Speaking to ifa, the founder and director of Forte Asset Solutions, Steve Prendeville, said the most likely scenario is that current LIF conditions will be maintained.
Current levels are 60 per cent for upfront commissions and 20 per cent for trailing commissions, with a two-year clawback.
Among the 22 recommendations handed down by the lead of the Quality of Advice Review (QAR), Michelle Levy, one concerned the provision of life insurance.
Under this recommendation, Ms Levy advised the government to retain the exception to the ban on conflicted remuneration for benefits given in connection with the issue or sale of a life risk insurance product.
“Commission and clawback rates should be maintained at the current levels,” Ms Levy said.
“The LIF reforms also mean all life insurers pay the same rate of commission and so there is less incentive for an adviser to recommend a policy issued by one insurer over another. This is helpful,” she added.
Answering calls for an increase in commissions, Ms Levy opined that this would only increase the cost to the life company and therefore would have the effect of increasing premiums.

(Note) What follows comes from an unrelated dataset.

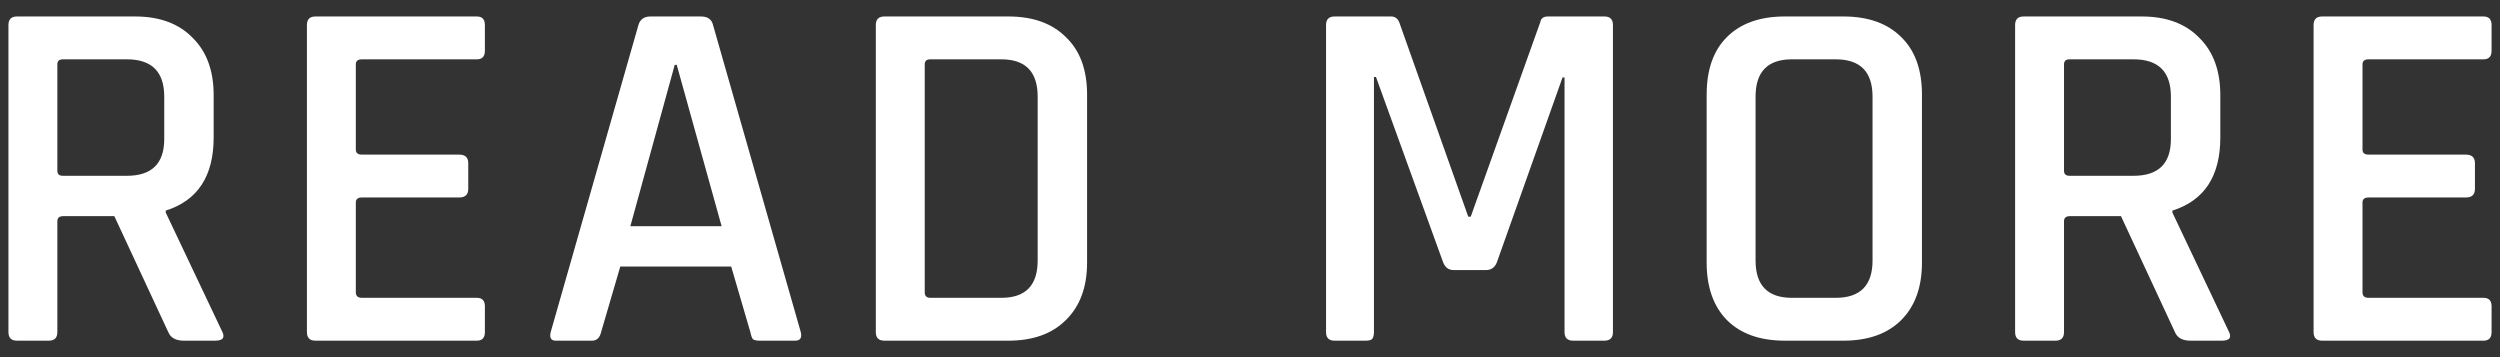 <svg width="119" height="17" fill="none" xmlns="http://www.w3.org/2000/svg"><rect width="100%" height="100%" fill="#333333" stroke="none"/><path d="M118.215 16.216h-7.68c-.272 0-.408-.136-.408-.408V1.192c0-.272.136-.408.408-.408h7.68c.256 0 .384.136.384.408v1.224c0 .272-.128.408-.384.408h-5.472c-.192 0-.288.08-.288.24V7.12c0 .16.096.24.288.24h4.632c.288 0 .432.136.432.408v1.224c0 .272-.144.408-.432.408h-4.632c-.192 0-.288.08-.288.24v4.272c0 .176.096.264.288.264h5.472c.256 0 .384.136.384.408v1.224c0 .272-.128.408-.384.408ZM97.839 16.216h-1.512c-.272 0-.408-.136-.408-.408V1.192c0-.272.136-.408.408-.408h5.616c1.168 0 2.08.336 2.736 1.008.672.656 1.008 1.568 1.008 2.736v2.016c0 1.84-.76 3-2.28 3.48v.096l2.664 5.616c.176.32.072.48-.312.48h-1.488c-.384 0-.632-.136-.744-.408l-2.568-5.52h-2.424c-.192 0-.288.08-.288.24v5.28c0 .272-.136.408-.408.408Zm.672-7.848h3.048c1.184 0 1.776-.584 1.776-1.752V4.6c0-1.184-.592-1.776-1.776-1.776h-3.048c-.176 0-.264.08-.264.24v5.064c0 .16.088.24.264.24ZM85.293 14.176h2.088c1.168 0 1.752-.592 1.752-1.776V4.6c0-1.184-.584-1.776-1.752-1.776h-2.088c-1.152 0-1.728.592-1.728 1.776v7.8c0 1.184.576 1.776 1.728 1.776Zm2.448 2.04h-2.784c-1.184 0-2.104-.328-2.76-.984-.64-.656-.96-1.568-.96-2.736V4.504c0-1.184.32-2.096.96-2.736.656-.656 1.576-.984 2.76-.984h2.784c1.184 0 2.104.328 2.76.984.656.64.984 1.552.984 2.736v7.992c0 1.168-.328 2.08-.984 2.736-.656.656-1.576.984-2.76.984ZM73.68.784h2.688c.272 0 .408.136.408.408v14.616c0 .272-.136.408-.408.408H74.88c-.272 0-.408-.136-.408-.408V3.688h-.096l-3.12 8.784c-.096.256-.272.384-.528.384h-1.536c-.24 0-.408-.128-.504-.384l-3.192-8.808H65.4v12.144c0 .16-.032.272-.096.336-.048.048-.152.072-.312.072h-1.464c-.272 0-.408-.136-.408-.408V1.192c0-.272.136-.408.408-.408h2.688c.176 0 .304.088.384.264l3.288 9.264h.12l3.312-9.264c.032-.176.152-.264.36-.264ZM44.281 14.176h3.384c1.152 0 1.728-.592 1.728-1.776V4.6c0-1.184-.576-1.776-1.728-1.776h-3.384c-.176 0-.264.08-.264.24v10.848c0 .176.088.264.264.264Zm-2.592 1.632V1.192c0-.272.136-.408.408-.408h5.904c1.168 0 2.08.328 2.736.984.672.64 1.008 1.552 1.008 2.736v7.992c0 1.168-.336 2.08-1.008 2.736-.656.656-1.568.984-2.736.984h-5.904c-.272 0-.408-.136-.408-.408ZM28.18 16.216h-1.727c-.224 0-.304-.136-.24-.408l4.176-14.616c.08-.272.272-.408.576-.408h2.4c.32 0 .512.136.576.408l4.176 14.616c.064.272-.024.408-.264.408h-1.704c-.144 0-.248-.024-.312-.072-.048-.064-.088-.176-.12-.336l-.912-3.12h-5.28l-.912 3.12c-.064.272-.208.408-.432.408Zm3.937-13.128-2.112 7.68h4.344l-2.136-7.68h-.096ZM22.697 16.216h-7.68c-.272 0-.408-.136-.408-.408V1.192c0-.272.136-.408.408-.408h7.68c.256 0 .384.136.384.408v1.224c0 .272-.128.408-.384.408h-5.472c-.192 0-.288.08-.288.24V7.12c0 .16.096.24.288.24h4.632c.288 0 .432.136.432.408v1.224c0 .272-.144.408-.432.408h-4.632c-.192 0-.288.08-.288.24v4.272c0 .176.096.264.288.264h5.472c.256 0 .384.136.384.408v1.224c0 .272-.128.408-.384.408ZM2.322 16.216H.81c-.272 0-.408-.136-.408-.408V1.192C.402.92.538.784.81.784h5.616c1.168 0 2.08.336 2.736 1.008.672.656 1.008 1.568 1.008 2.736v2.016c0 1.84-.76 3-2.28 3.48v.096l2.664 5.616c.176.32.072.48-.312.48H8.754c-.384 0-.632-.136-.744-.408l-2.568-5.52H3.018c-.192 0-.288.08-.288.24v5.28c0 .272-.136.408-.408.408Zm.672-7.848h3.048c1.184 0 1.776-.584 1.776-1.752V4.6c0-1.184-.592-1.776-1.776-1.776H2.994c-.176 0-.264.08-.264.24v5.064c0 .16.088.24.264.24Z" fill="#fff"/></svg>

In its response to the QAR in June, the government said it accepts Ms Levy’s LIF-related recommendations.
“Standardised consumer consent requirements will be introduced for life, general and consumer credit insurance commissions,” the government’s Delivering Better Financial Outcomes document reads.
However, the government didn’t provide any further details at the time, including the structure of commissions it plans to endorse.
Mr Prendeville stressed that “all the industry really needs is just legislated certainty”.
“You can build or engineer models that can be profitable if you’ve got the certainty that that’s going to be somewhat of a constant,” he explained.
Earlier this year, the Association of Independently Owned Financial Professionals (AIOFP) argued that LIF had been “outrageously inefficient” for consumers and the industry since its inception.
While slamming the QAR’s recommendation, the group advocated that commission levels need to be lifted to “at least” 80/15 per cent and that consumers should be given a “clear choice” between a commission or a fee-for-service formula.
“Emphatically, LIF has NOT been beneficial to consumers and the QAR recommendation only serves to maintain that detriment,” the group said at the time.
AIOFP executive director Peter Johnston also branded LIF “arguably the most destructive consumer legislation ever passed”.
“We believe it was not a case of unintelligent politicians making mistakes but the first stage of a deliberate strategy to remove financial advisers from the consumer relationship. It has worked exceedingly well with around 50 per cent of the advice community leaving but unfortunately, 30 advisers have committed suicide over the cruel impositions,” Mr Johnston said at the time.
“The AIOFP has contended from the outset that the LIF, FASEA and a ban on grandfathered revenue legislation was designed to starve, embarrass and intimidate advisers out of the industry, few now disagree with this position.”
Condition on LIF commissions
While the QAR has recommended retaining the current LIF levels for commission and clawbacks, this recommendation comes with one condition.
“The condition to this is that the provider of personal advice to a retail client about a life risk insurance product must explain to their client that they will be paid a commission if the client decides to buy the product recommended by the adviser and they must ask for the client’s consent to accept the commission,” Ms Levy said earlier this year.
She clarified that if a client does not consent, an adviser can agree to provide the advice for a fee paid by the client or they can decline to give the client advice.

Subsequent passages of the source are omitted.